There are a few different ways to experience changing fall colors. You could jump in the car, mittens and pumpkin spice latte handy, and snap photos with the rest of the soft-core-adventurers. Or, you could jump in the car with your full suspension mountain bike, pumpkin beer, and full stoke and head for the trails. Chances are if you’re reading this post, you prefer the latter.  

The mountain towns of Colorado are popular destinations for leaf-seekers, with the majority landing right on top of appropriately named Aspen. But while one side of Independence Pass crawls with tourists, the other side is relatively empty, even during peak weekends. It’s also where one of the most beautiful sections of the Colorado Trail intersects, winding down to Twin Lakes beneath the surroundings, and if you’re lucky, snowcapped peaks, including 14,439-foot Mt. Elbert. 

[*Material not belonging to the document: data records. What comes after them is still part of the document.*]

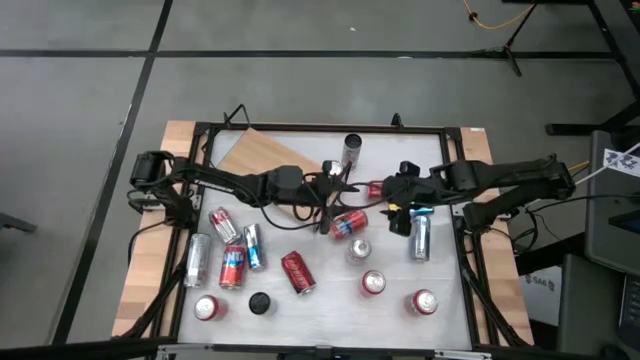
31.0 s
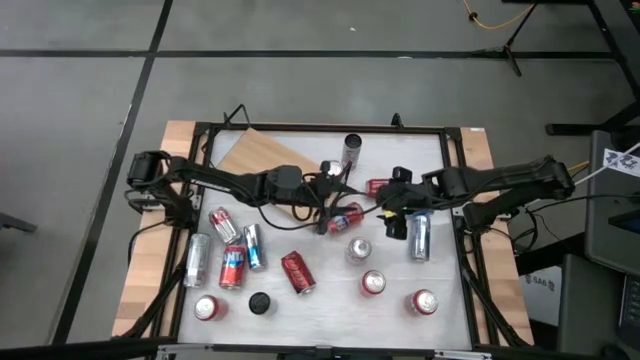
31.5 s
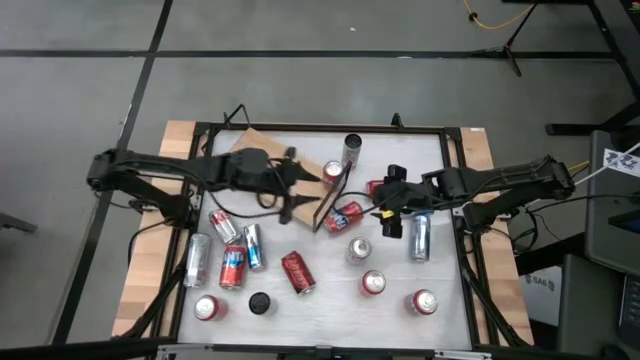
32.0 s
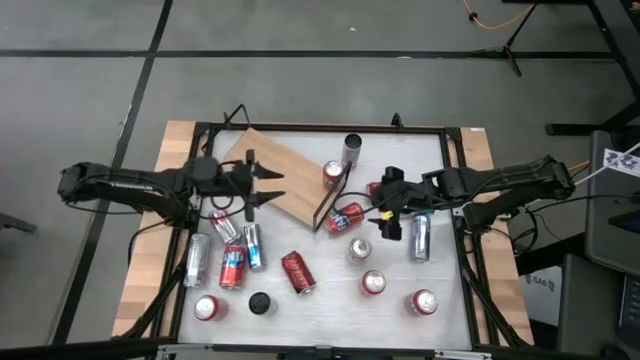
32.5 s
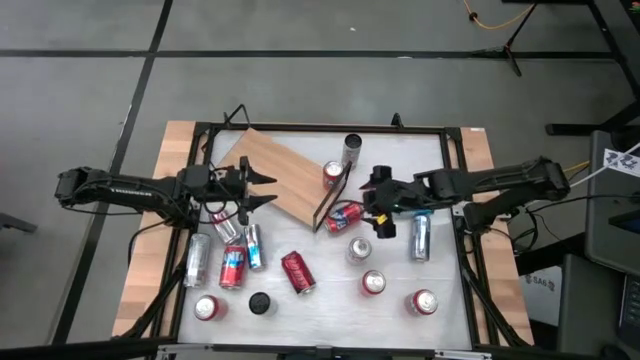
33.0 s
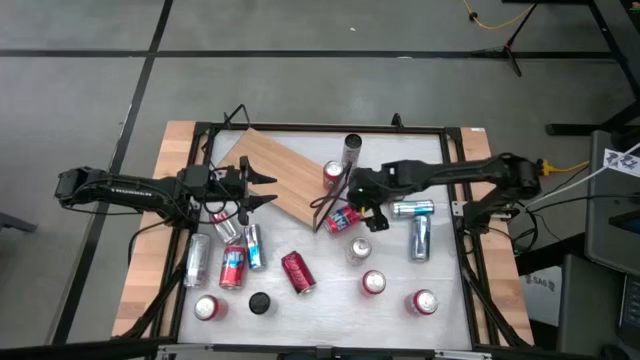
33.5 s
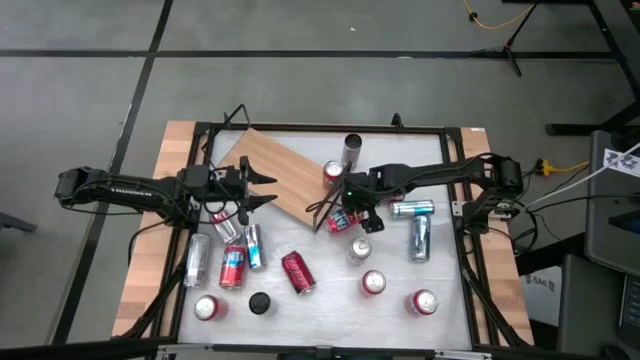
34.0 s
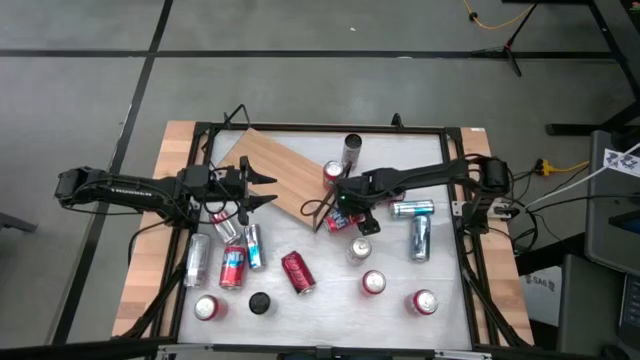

Depending on your level of dedication to fall colors (and your work schedule and the size of your quads) you can either ride from Twin Lakes the roughly 97 miles to Kenosha Pass on the Colorado Trail, or link them by car. Last fall, a friend and I shuttled the two. We jumped on the trail at South Elbert trailhead. 1,900 feet of elevation gain and 14.6 miles awaited us through perfectly crunchy leaves and dreamy, if not steep, singletrack. An out-and-back because we weren’t connecting the two, we turned our bikes downhill to reap the rewards of the climb and enjoy those beers. If only it had been a month earlier and a bit warmer, we’d have dove straight into Twin Lakes where we left the truck. 

With one trail under our padded bike shorts, we hit the perfectly positioned Kenosha Pass to Lost Creek Wilderness portion of the Colorado Trail. Although the first half of this 13.6-mile section was slightly more populated, soon the tourists thinned as we pedaled through the golden groves on an increasing grade. Eventually, our legs carried us to singletrack above the aspens. Tremendous views of South Park opened up, as well as a view of the incoming snowstorm. Deciding to outrace the weather, we once again returned to the car, legs burning and hearts full of singletrack stoke. We wished we’d had time for more. 

For trail details including the best spots for fall riding, I recommend Dan Hickstein’s Mountain Biker’s Guide to Colorado.